▶ Exercise brief
From the line containing "Question: What does" through the last line of the records below, output every line exactly, both ends included, except the pictures.

▶ Records from a collection
=-=-=-=-=

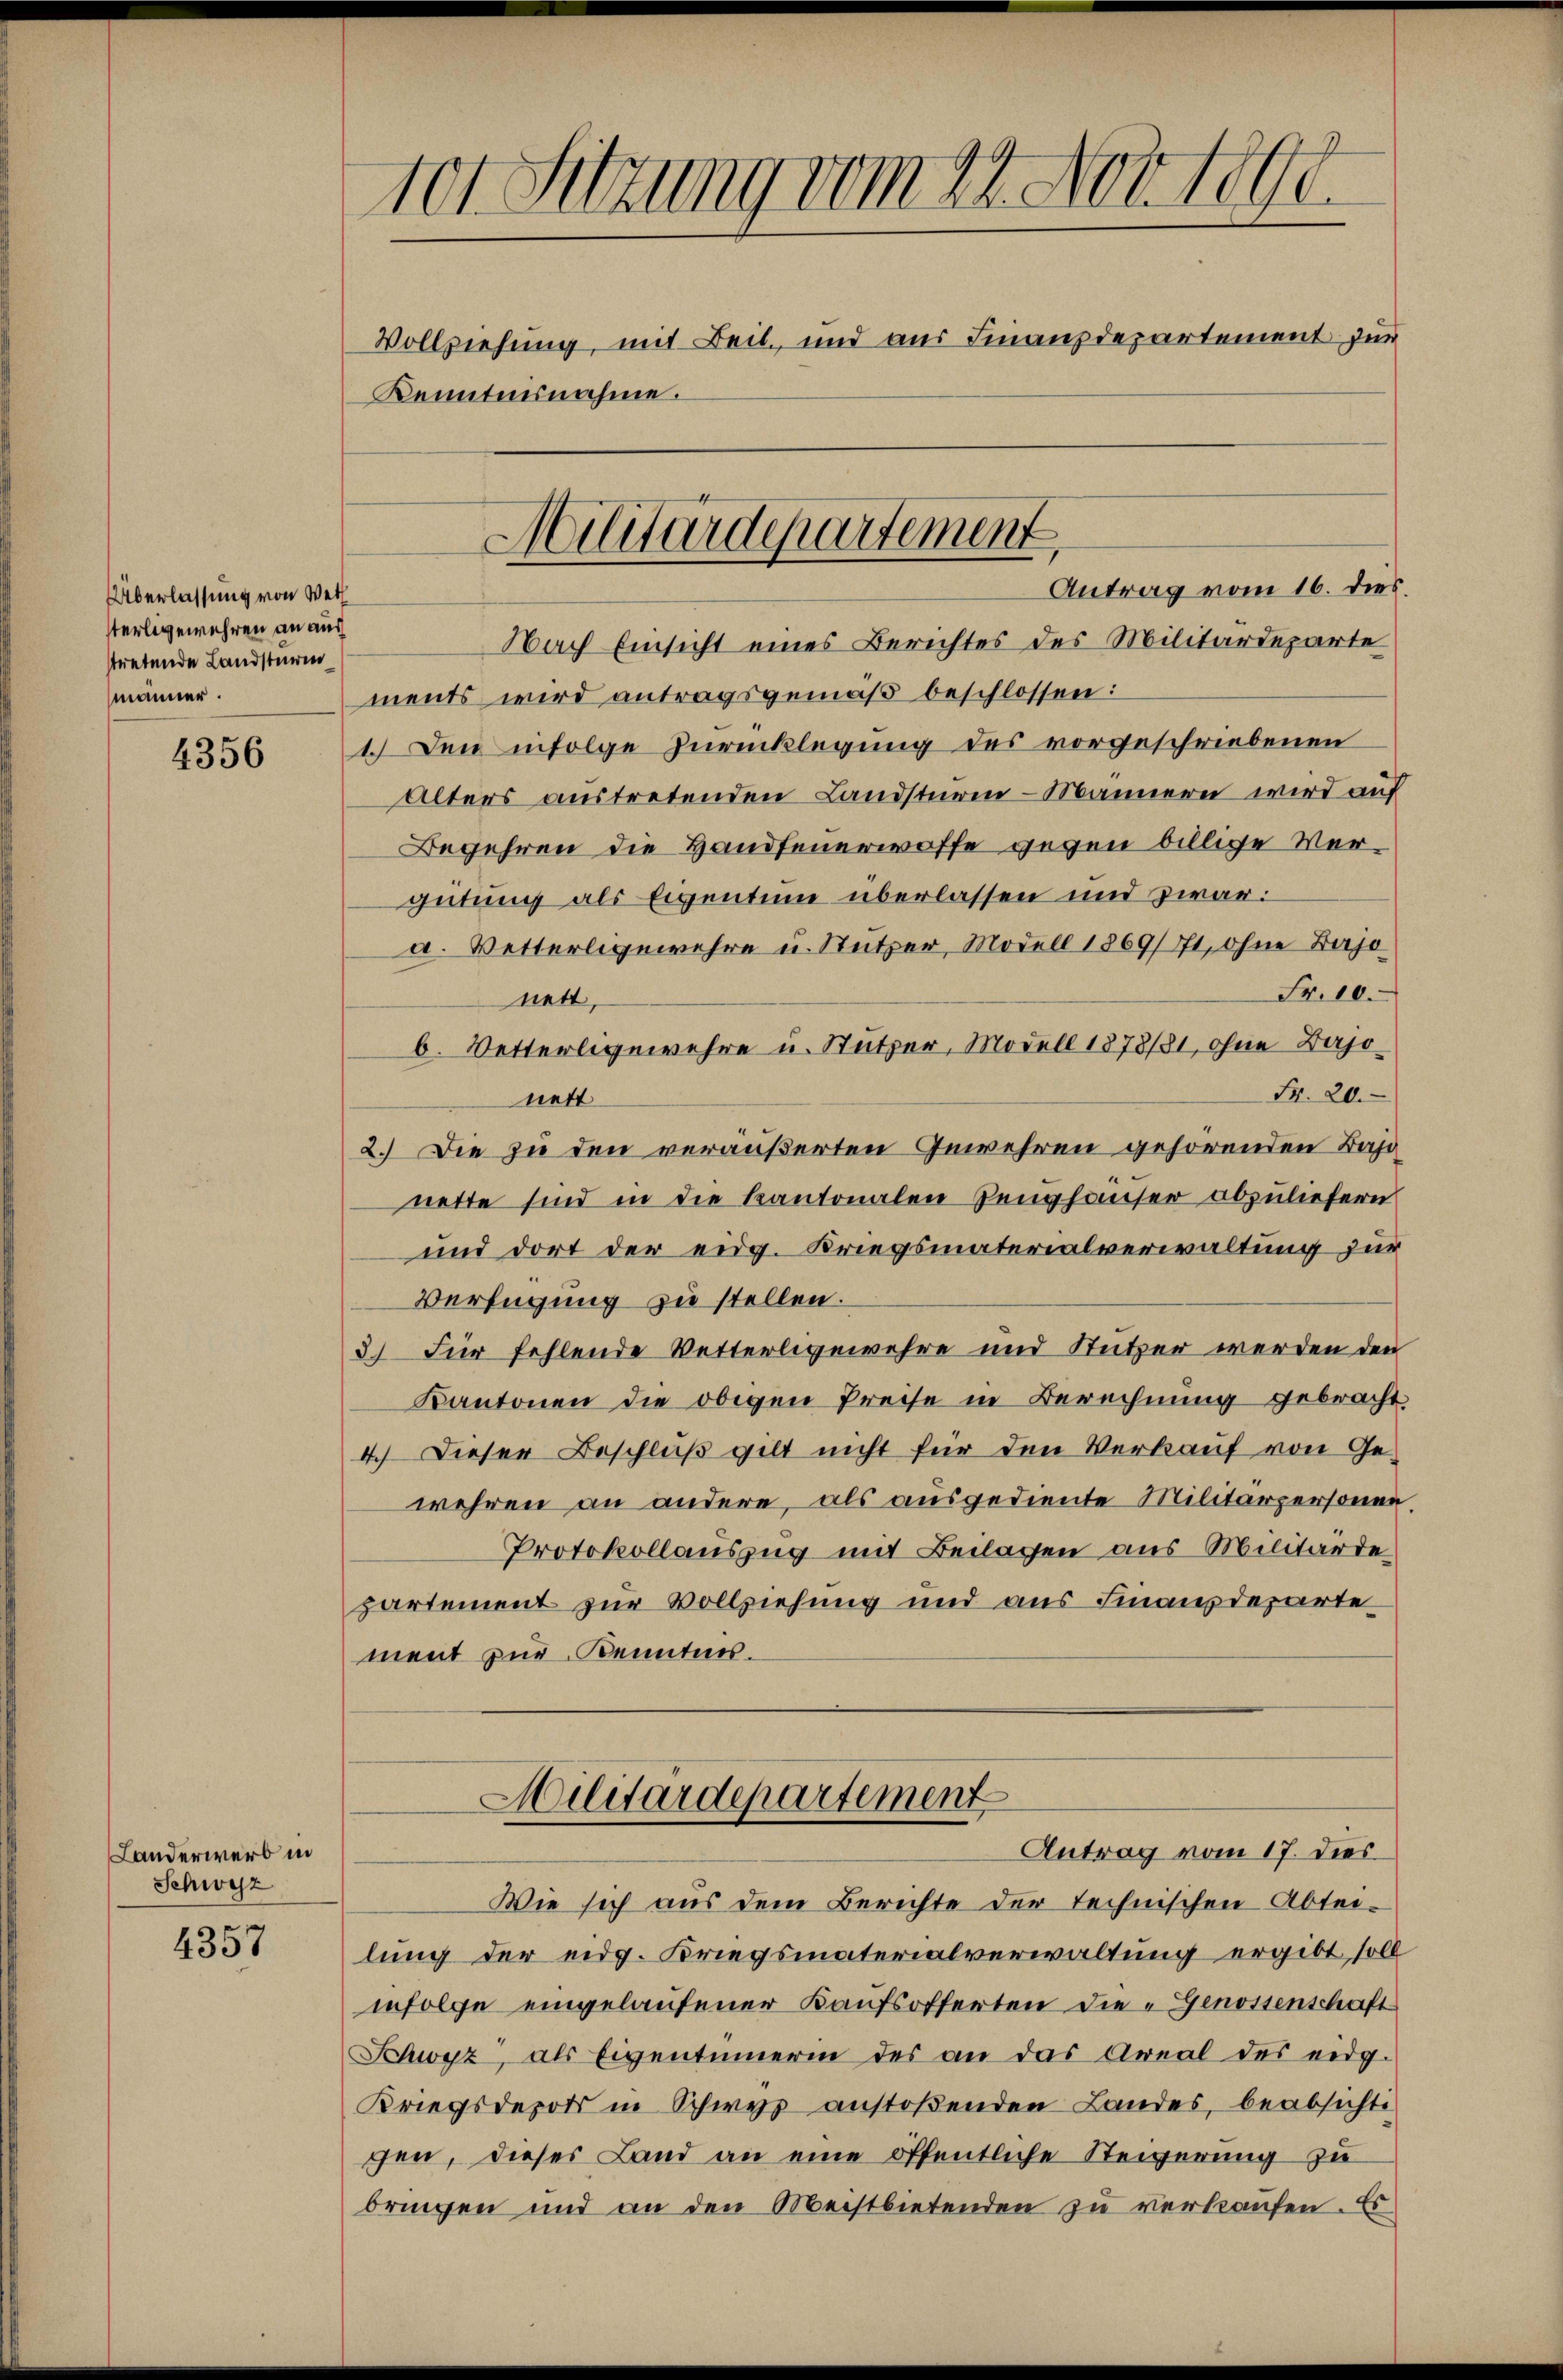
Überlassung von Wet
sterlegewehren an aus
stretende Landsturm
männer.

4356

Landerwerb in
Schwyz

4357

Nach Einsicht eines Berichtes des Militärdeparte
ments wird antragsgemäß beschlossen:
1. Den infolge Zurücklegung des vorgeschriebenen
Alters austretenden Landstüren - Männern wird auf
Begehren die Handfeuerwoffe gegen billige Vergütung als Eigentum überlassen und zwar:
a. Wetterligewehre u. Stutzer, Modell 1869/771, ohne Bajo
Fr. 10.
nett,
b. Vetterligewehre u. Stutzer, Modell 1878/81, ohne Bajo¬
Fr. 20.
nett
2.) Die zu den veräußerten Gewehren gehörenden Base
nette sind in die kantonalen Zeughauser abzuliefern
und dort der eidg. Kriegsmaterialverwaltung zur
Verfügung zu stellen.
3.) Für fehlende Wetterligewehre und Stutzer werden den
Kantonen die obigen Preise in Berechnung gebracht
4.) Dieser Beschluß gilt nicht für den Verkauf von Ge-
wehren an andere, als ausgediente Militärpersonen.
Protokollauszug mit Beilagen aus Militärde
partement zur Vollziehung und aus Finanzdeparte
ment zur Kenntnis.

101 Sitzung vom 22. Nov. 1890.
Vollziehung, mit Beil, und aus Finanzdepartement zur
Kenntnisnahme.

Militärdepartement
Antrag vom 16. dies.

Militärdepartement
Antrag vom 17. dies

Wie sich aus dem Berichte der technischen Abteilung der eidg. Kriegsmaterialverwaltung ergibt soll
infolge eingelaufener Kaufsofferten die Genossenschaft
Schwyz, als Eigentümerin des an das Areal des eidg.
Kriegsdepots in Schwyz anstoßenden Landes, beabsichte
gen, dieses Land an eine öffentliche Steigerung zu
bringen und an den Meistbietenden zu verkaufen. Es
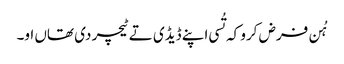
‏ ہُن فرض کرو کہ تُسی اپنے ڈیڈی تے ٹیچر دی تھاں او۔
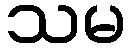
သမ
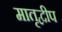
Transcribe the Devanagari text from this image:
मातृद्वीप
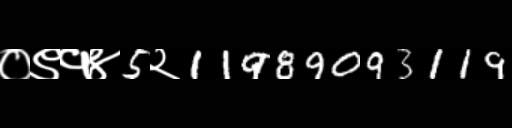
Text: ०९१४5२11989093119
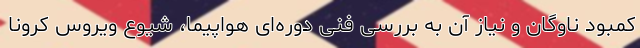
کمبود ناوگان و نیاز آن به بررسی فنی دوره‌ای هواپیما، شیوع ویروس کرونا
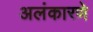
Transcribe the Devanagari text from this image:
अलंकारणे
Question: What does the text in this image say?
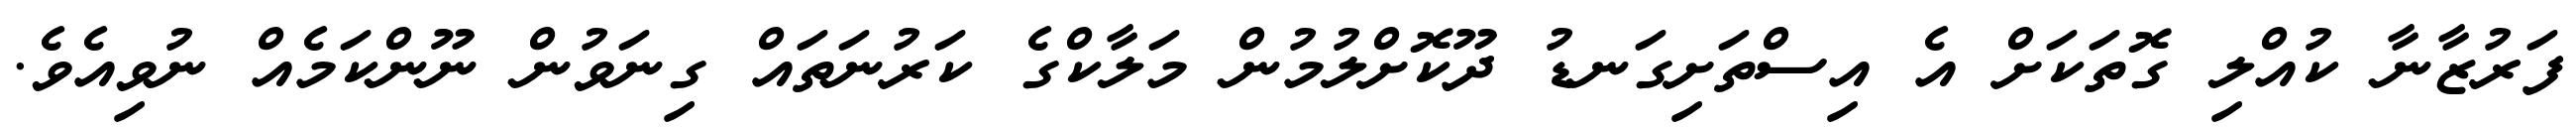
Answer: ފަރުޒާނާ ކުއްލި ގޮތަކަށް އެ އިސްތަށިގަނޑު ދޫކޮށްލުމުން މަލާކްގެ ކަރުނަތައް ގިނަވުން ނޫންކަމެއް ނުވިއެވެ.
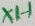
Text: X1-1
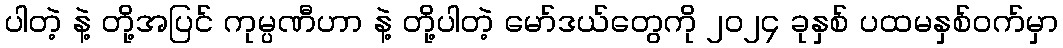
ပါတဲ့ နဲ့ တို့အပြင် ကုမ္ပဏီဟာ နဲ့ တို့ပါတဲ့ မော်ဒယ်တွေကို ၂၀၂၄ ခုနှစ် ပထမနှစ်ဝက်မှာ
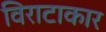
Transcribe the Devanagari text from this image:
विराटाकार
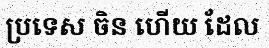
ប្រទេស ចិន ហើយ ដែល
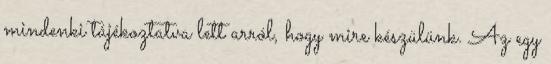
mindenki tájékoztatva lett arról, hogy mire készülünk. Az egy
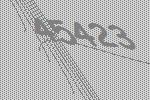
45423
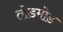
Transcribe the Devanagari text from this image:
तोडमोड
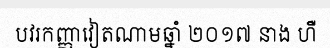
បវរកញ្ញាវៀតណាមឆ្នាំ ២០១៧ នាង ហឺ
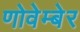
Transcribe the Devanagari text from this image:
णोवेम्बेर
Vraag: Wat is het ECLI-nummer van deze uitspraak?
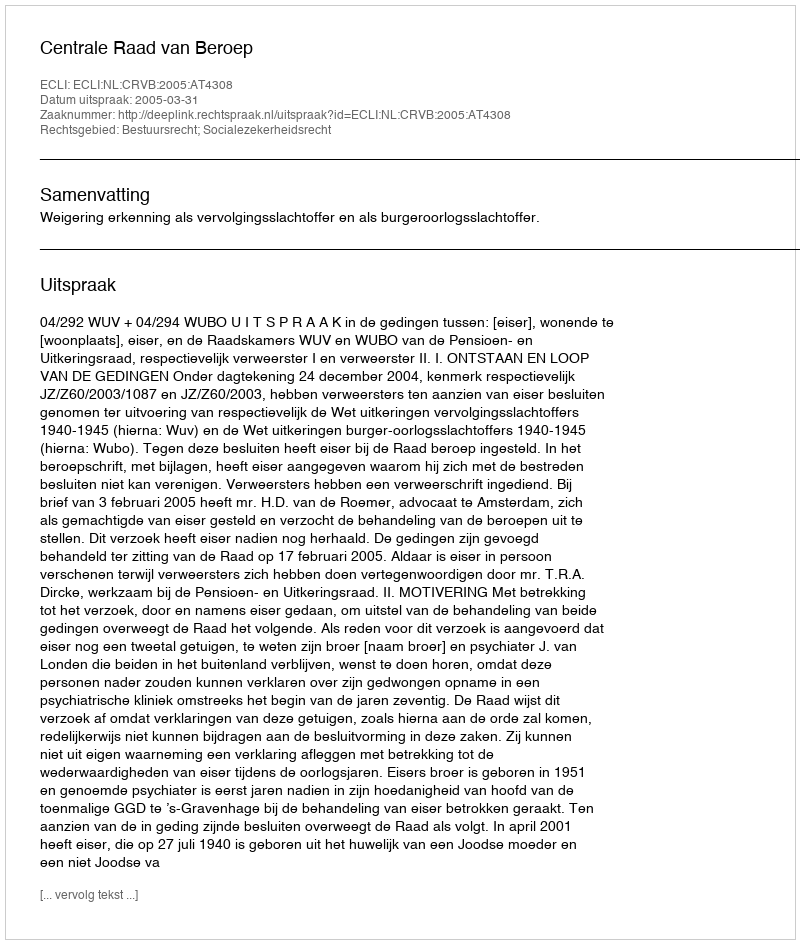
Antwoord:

=-=-=-=-=

▶ Completed exercise
Question: What does the text in this image say?
Answer: ފަރުޒާނާ ކުއްލި ގޮތަކަށް އެ އިސްތަށިގަނޑު ދޫކޮށްލުމުން މަލާކްގެ ކަރުނަތައް ގިނަވުން ނޫންކަމެއް ނުވިއެވެ.
Text: X1-1
ပါတဲ့ နဲ့ တို့အပြင် ကုမ္ပဏီဟာ နဲ့ တို့ပါတဲ့ မော်ဒယ်တွေကို ၂၀၂၄ ခုနှစ် ပထမနှစ်ဝက်မှာ
Transcribe the Devanagari text from this image:
विराटाकार
ប្រទេស ចិន ហើយ ដែល
mindenki tájékoztatva lett arról, hogy mire készülünk. Az egy
45423
Transcribe the Devanagari text from this image:
तोडमोड
បវរកញ្ញាវៀតណាមឆ្នាំ ២០១៧ នាង ហឺ
Transcribe the Devanagari text from this image:
णोवेम्बेर
Vraag: Wat is het ECLI-nummer van deze uitspraak?
Antwoord:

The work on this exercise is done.